3.6. Measurement of mobile Cd from soil

To determine the concentration of mobile Cd, 1:10 soil-water suspensions incubated for 0.5, 1 or 2 h with equal amount of bacterial suspension (prepared analogously to the bioavailability test, see above), were centrifuged at 13 000 g for 5 minutes. The concentration of Cd in the resulting soil-water extracts was measured by AAS (Shimadzu, Kyoto, Japan).

Conclusions

In this study, we calibrated and used nine different recombinant luminescent metal sensor bacteria belonging to both Gram-negative (Pseudomonas fluorescens and Escherichia coli) as well as Gram-positive (Bacillus subtilis and Staphylococcus aureus) genera to analyze the water-extracted bioavailable (measured in soil-water extracts) and the total bioavailable (measured in soil-water suspensions) fractions of Cd, Zn and Hg in soil. The following conclusions could be drawn on the basis of this study:

• The limit of determination of the sensors was determined mainly by the type of the genetic metal-response element used for the construction of the sensor bacteria. At the same time, toxicity of the Cd, Zn and Hg standard solutions was mostly dependent on the host bacterium, Gram-positive bacteria being in general more sensitive to all the metals than Gram-negative.
• Bioavailability of Cd, Zn and Hg in soil did not depend neither on the limit of determination (determined according to standard calibration curve) of the used sensor nor on the metal-response elements expressed in these sensor cells.
• The water-extracted bioavailable fractions of Zn, Cd and Hg were low (making 0.24 – 0.37%, 0.19 – 0.46 % and 1.7 – 4.9 % of the total Zn Cd and Hg, respectively) and similar to all the used sensor strains.
• The total bioavailable fraction of Cd and Zn (2.6 – 5.1% and 0.32 – 0.61%, of the total Cd and Zn, respectively) was almost comparable for all the sensors whereas the bioavailability of Hg in soil-water suspensions was about 10 fold higher for Gram-negative sensor cells (30.5% of total Hg) compared to Gram-positive ones (3.2% of the total Hg).
• In the case of Zn, the water-extracted and total bioavailable fractions were equal indicating that no additional Zn could be mobilized by the sensor bacteria upon direct contact with soil matrix in suspension assay.
• The bioavailable fraction of Cd and Hg (only in the case of Gram-negative sensor strains) in soil-water suspensions exceeded the water-extracted bioavailable fraction about 14-fold indicating that upon direct contact, additional fraction of Cd and Hg was mobilized by those sensor bacteria
• Using Cd as a model we showed that in the used test conditions, 2-hour incubation (standard incubation time for the test with sensor bacteria) was enough for all the used bacterial strains to access all potentially available Cd in the soil-water suspensions.
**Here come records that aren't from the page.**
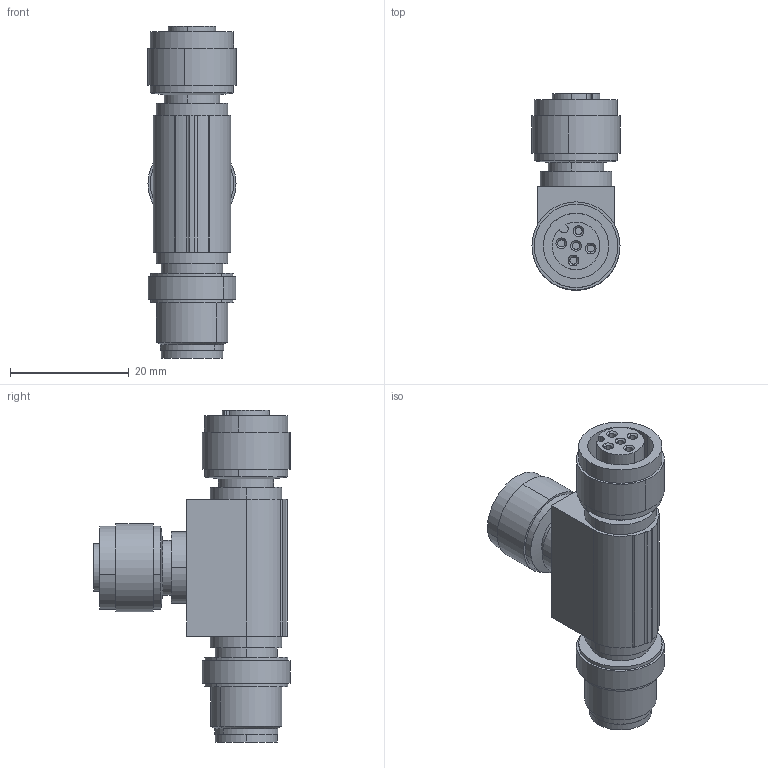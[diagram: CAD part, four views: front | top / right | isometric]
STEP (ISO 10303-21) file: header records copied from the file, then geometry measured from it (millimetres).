
FILE_DESCRIPTION((''),'2;1');
FILE_NAME('CAD-8873','2023-10-23T08:54:46',('creinig-se'),(''),'CREO PARAMETRIC BY PTC INC, 2022284','CREO PARAMETRIC BY PTC INC, 2022284','');
FILE_SCHEMA(('CONFIG_CONTROL_DESIGN','SHAPE_APPEARANCE_LAYERS_GROUPS'));
Length unit declared in the file: millimetre
Products named in the file (1): CAD-8873
Bounding box: 14.8 x 33 x 55.8 mm (x, y, z)
Volume: 9844.9 mm3; surface area: 5618.9 mm2
Topology: 1 solids, 1 shells, 166 faces, 359 edges, 230 vertices
Faces by surface type: cylinder 91, plane 47, cone 28
Entity records: 6853 total; most frequent: DIRECTION 903, CARTESIAN_POINT 755, ORIENTED_EDGE 718, PRESENTATION_STYLE_ASSIGNMENT 452, AXIS2_PLACEMENT_3D 378, STYLED_ITEM 360, CURVE_STYLE 359, EDGE_CURVE 359
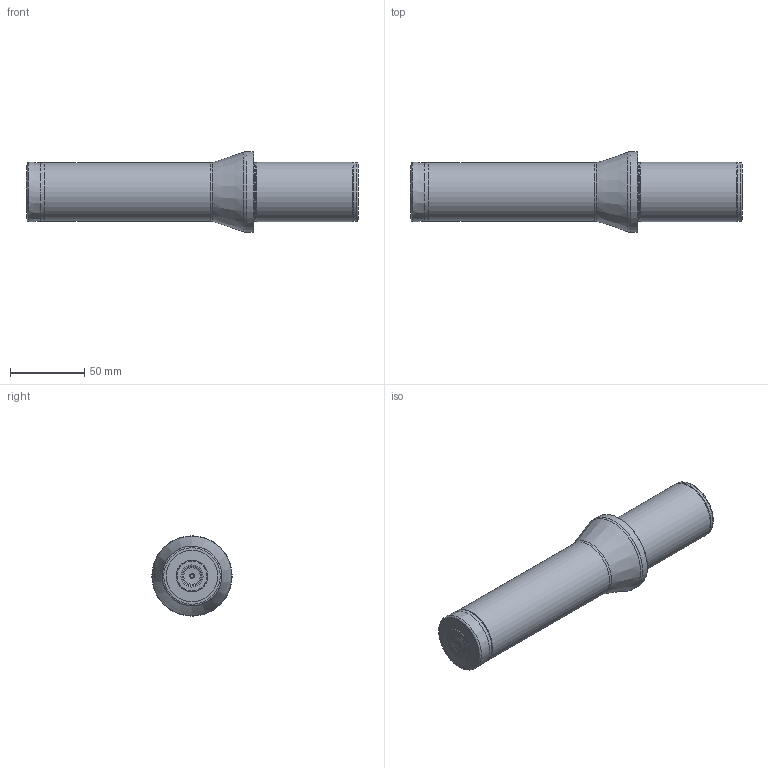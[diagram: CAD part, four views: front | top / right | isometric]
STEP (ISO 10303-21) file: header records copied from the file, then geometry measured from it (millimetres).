
FILE_DESCRIPTION(/* description */ (''),/* implementation_level */ '2;1');
FILE_NAME(/* name */ 'ATUM-40XD3-880-0704...stp',/* time_stamp */ '2023-11-29T02:09:45+03:00',/* author */ (''),/* organization */ (''),/* preprocessor_version */ 'ST-DEVELOPER v19.4',/* originating_system */ 'SIEMENS PLM Software NX2306.3001',/* authorisation */ '');
FILE_SCHEMA (('AUTOMOTIVE_DESIGN { 1 0 10303 214 3 1 1 1 }'));
Length unit declared in the file: millimetre
Products named in the file (1): STP_ATUM 40XD3 880-0704..
Bounding box: 222.97 x 54 x 54 mm (x, y, z)
Volume: 302544.3 mm3; surface area: 35568.2 mm2
Topology: 2 solids, 2 shells, 42 faces, 92 edges, 56 vertices
Faces by surface type: revolution 13, torus 8, plane 6, cone 6, cylinder 5, bspline 4
Full cylindrical faces by diameter (mm): 39 x1, 39.5 x2, 40 x1, 54 x1
Entity records: 2004 total; most frequent: CARTESIAN_POINT 1277, DIRECTION 149, EDGE_LOOP 80, ORIENTED_EDGE 80, FACE_BOUND 76, AXIS2_PLACEMENT_3D 65, ADVANCED_FACE 42, VERTEX_POINT 40

Thus, according to the results of this study, for robust bioavailability studies of heavy metals in soils any type of genetic metal response elements could be used for the construction of the sensor strains. However, there might be differences between Gram-negative and Gram-positive bacteria groups and thus, respective strains should be used in parallel if testing bioavailability of metals in the environment.